I have a very large dataset about twitter. I want to be able to compute the mean tweets per hour published by the user. I was able to groupby the tweets per hour per user but now how can I compute the mean per hour?
I'm not able to write all the code since the dataset has been heavily preprocessed. In the dataset I have as column user_id
and created_at
which is a timestamp of the tweet published, so I sorted by created_at
and than groupedby till hours
grouped_df = tweets_df.sort_values(["created_at"]).groupby([
tweets_df['user_id'],
tweets_df['created_at'].dt.year,
tweets_df['created_at'].dt.month,
tweets_df['created_at'].dt.day,
tweets_df['created_at'].dt.hour])
I can count the tweets per hours per user using
tweet_per_hour = grouped_df["created_at"].count()
print(tweet_per_hour)
what I obtain using this code is
user_id created_at created_at created_at created_at
678033 2012 3 11 2 1
14 1
17 1
18 1
4 13 4 1
..
3164941860 2020 4 30 7 6
9 2
5 1 1 2
9 6
2 6 1
Name: created_at, Length: 3829888, dtype: int64
where the last column is the count of the tweets per hours
678033 2012 3 11 2 1
indicates that user the 678033 in the day 2012-03-11 in the range of hour between 2 o'clock and 3 o'clock made just 1 tweet.

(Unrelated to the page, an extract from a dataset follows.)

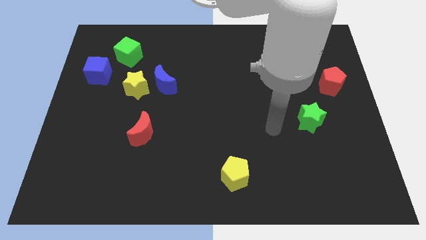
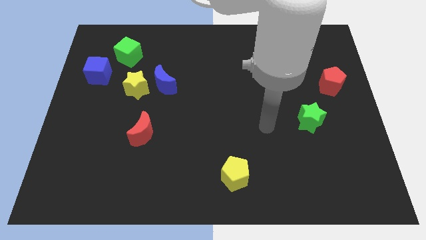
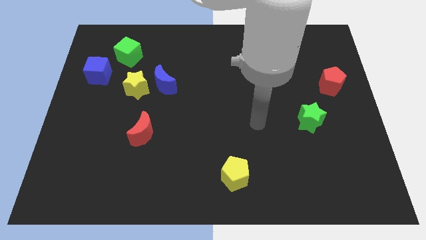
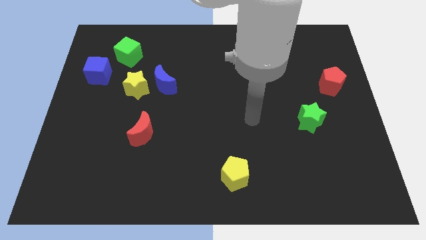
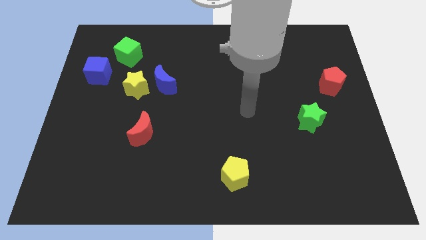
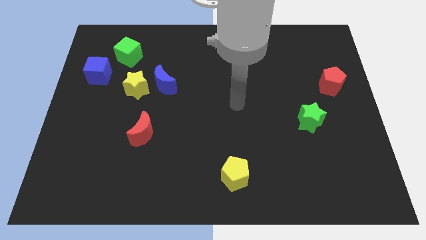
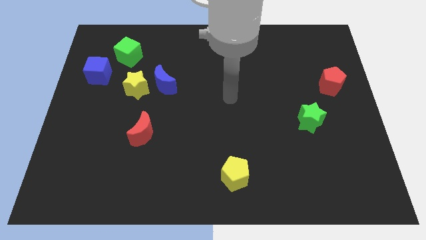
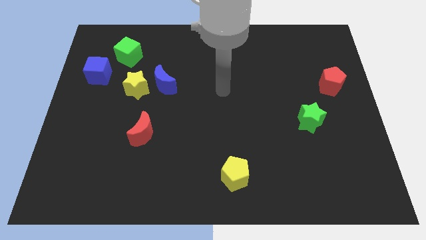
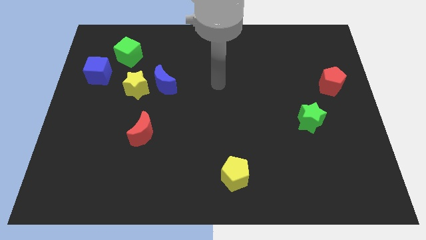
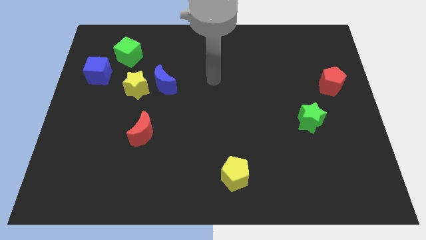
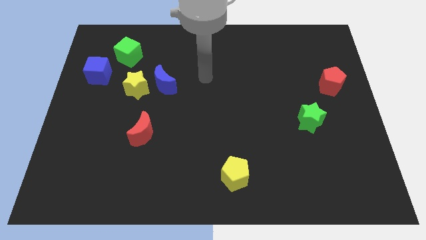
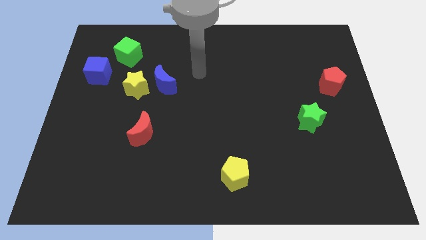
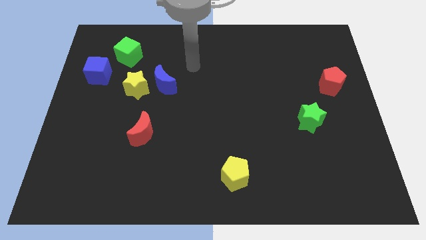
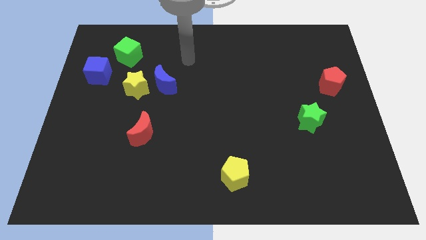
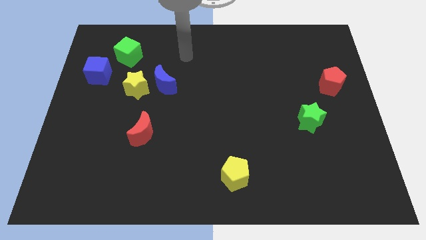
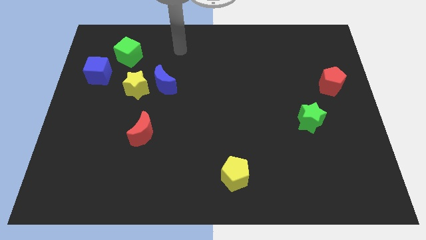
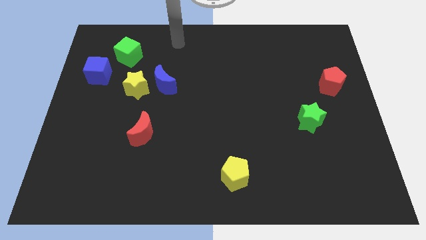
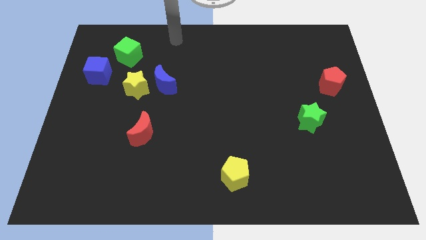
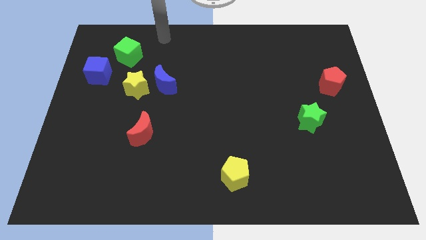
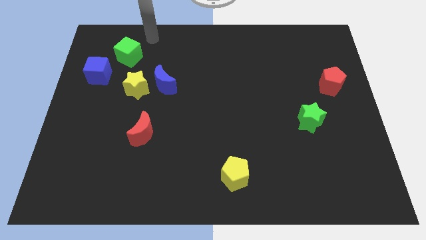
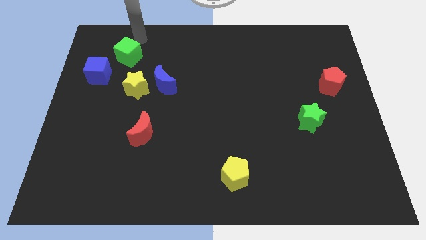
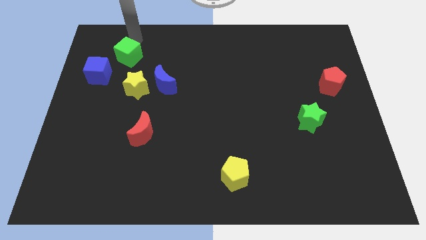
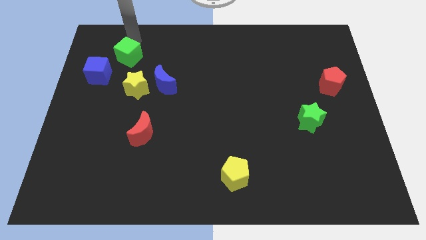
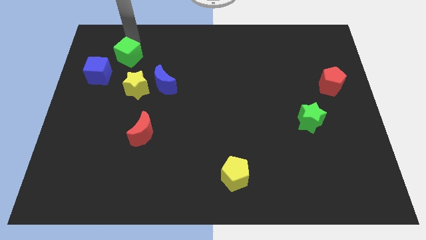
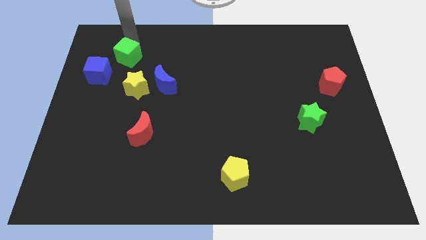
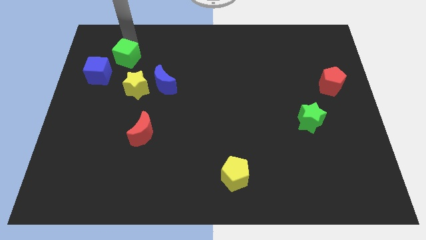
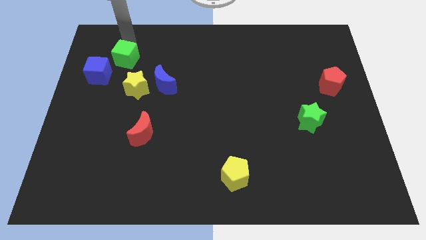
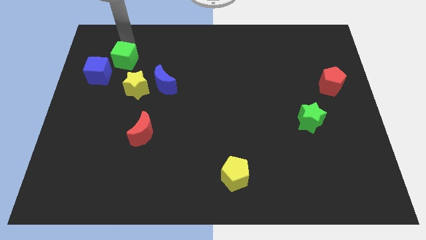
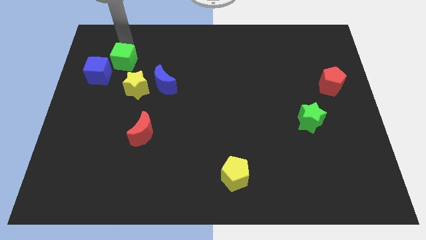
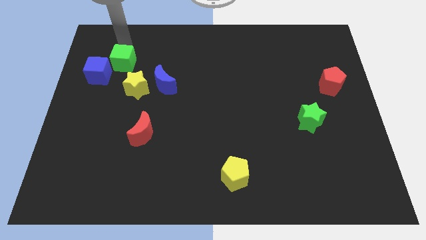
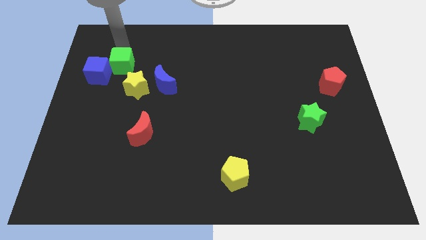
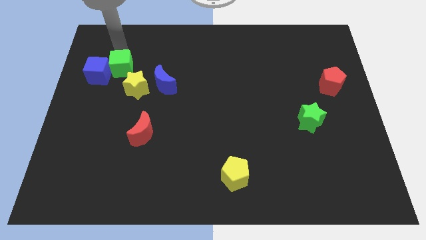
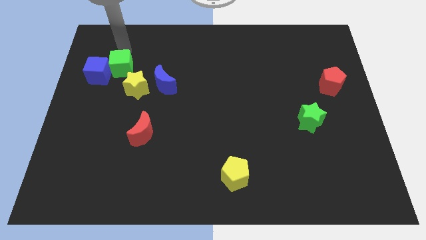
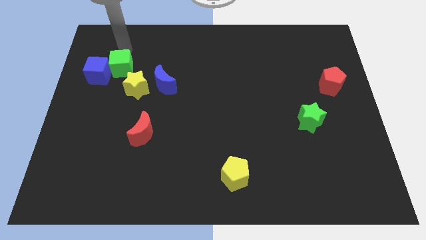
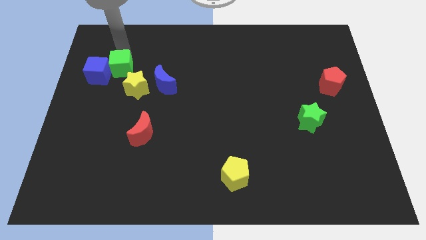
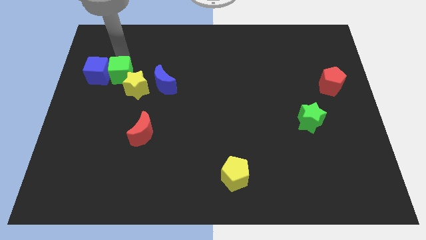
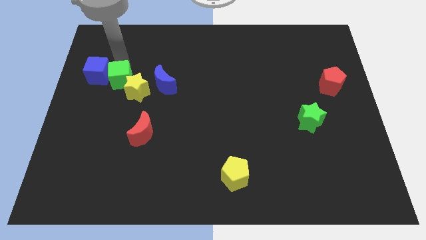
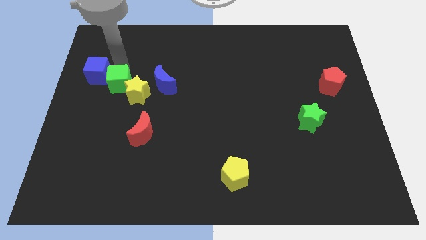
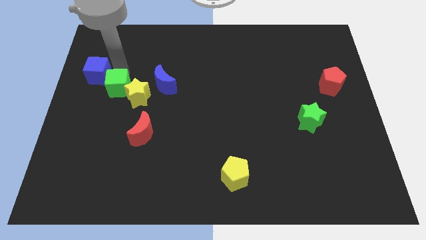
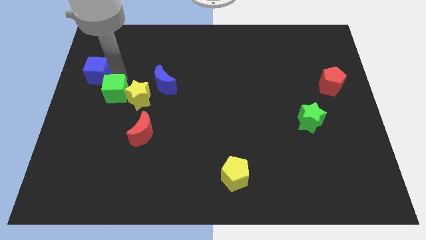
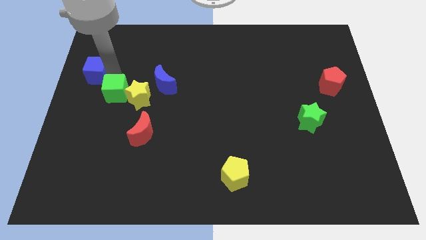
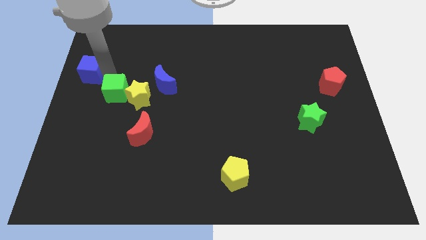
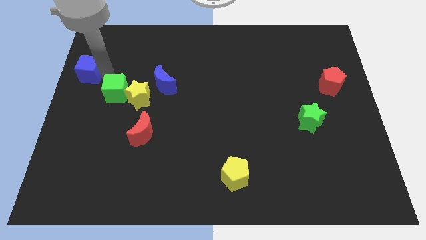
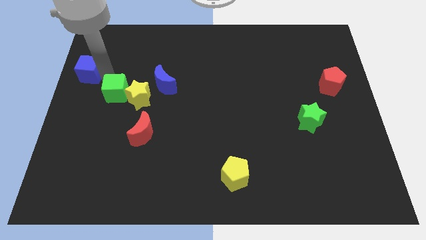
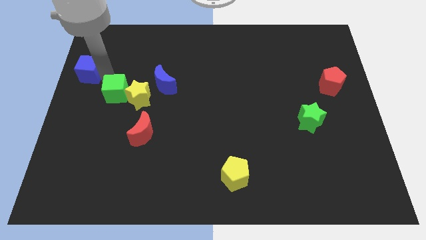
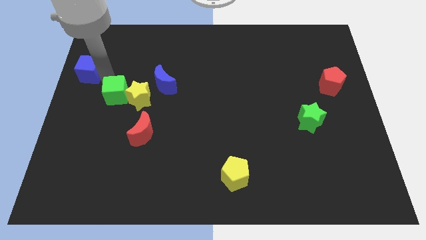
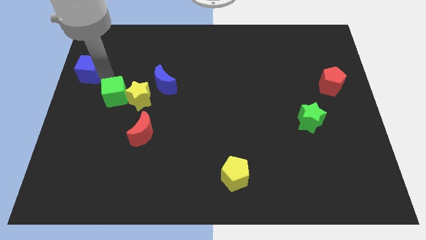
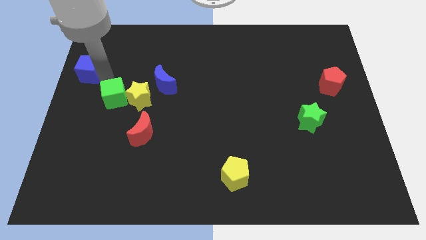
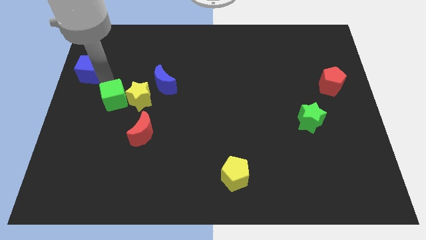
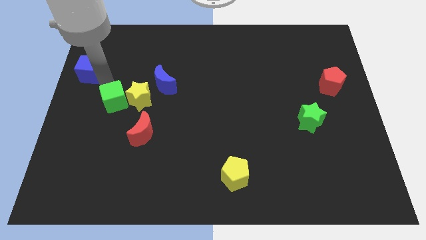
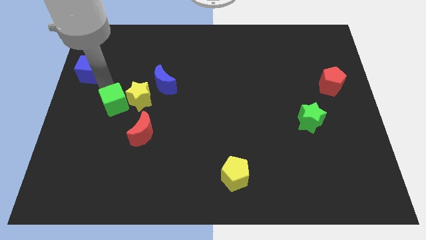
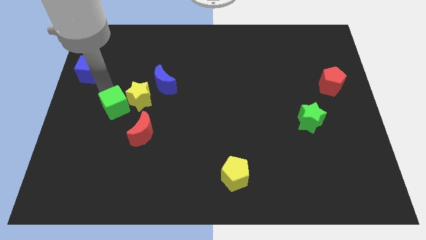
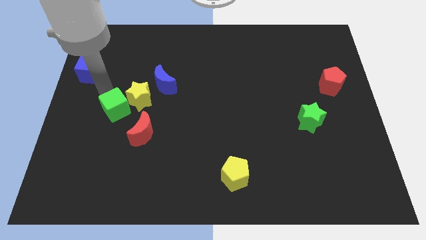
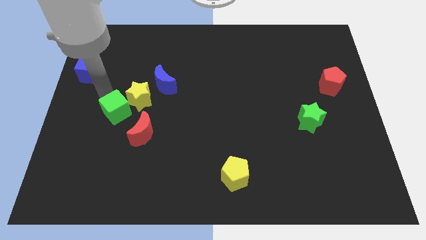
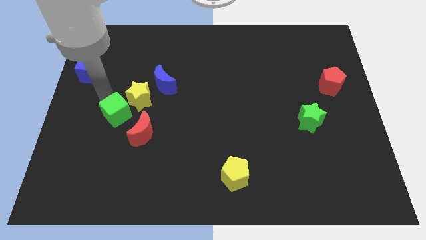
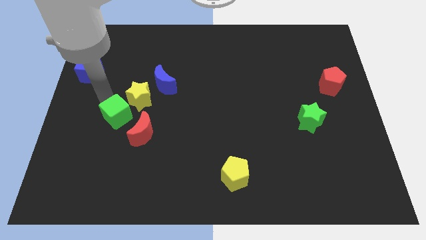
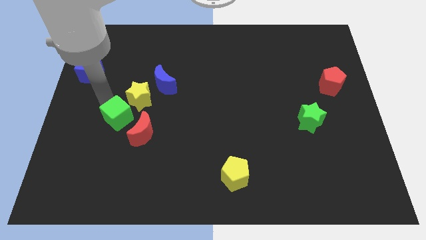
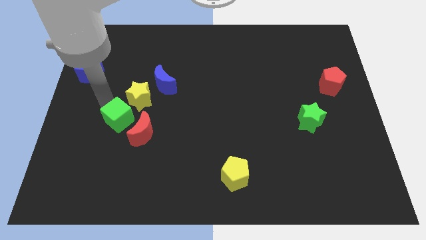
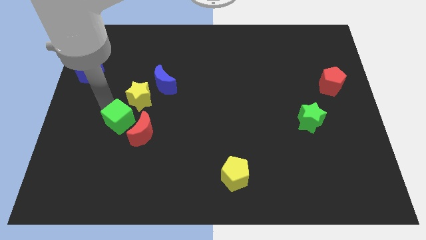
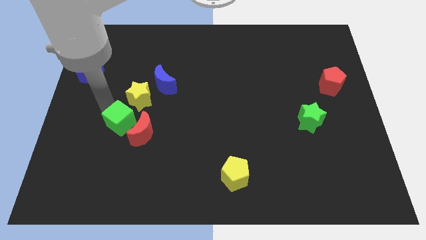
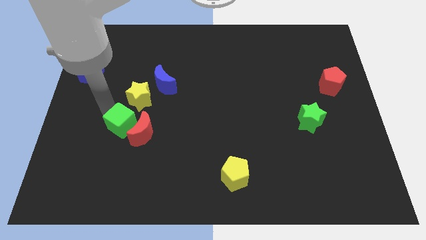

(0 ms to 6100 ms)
slide the green cube to the red moon

I need to sum all the tweets per hour made by the user and compute a mean for that user So I want as output for example
user_id average_tweets_per_hour
678033 4
665353 10
How can i do it?
CodePudding user response:
I'm not sure what the name of your columns are anymore, but it would be something like this:
grouped_df.reset_index().groupby("user_id").agg(avgTweetsPerHour = ('created_at','mean'))
As was commented above, I can't test this without enough information to reproduce it, but the .agg()
goes beautifully with .groupby()
CodePudding user response:
You may be able to do something as simple as
df.groupby('A').mean()
But as the other responses have noted it's difficult to know exactly what to suggest without something reproducible.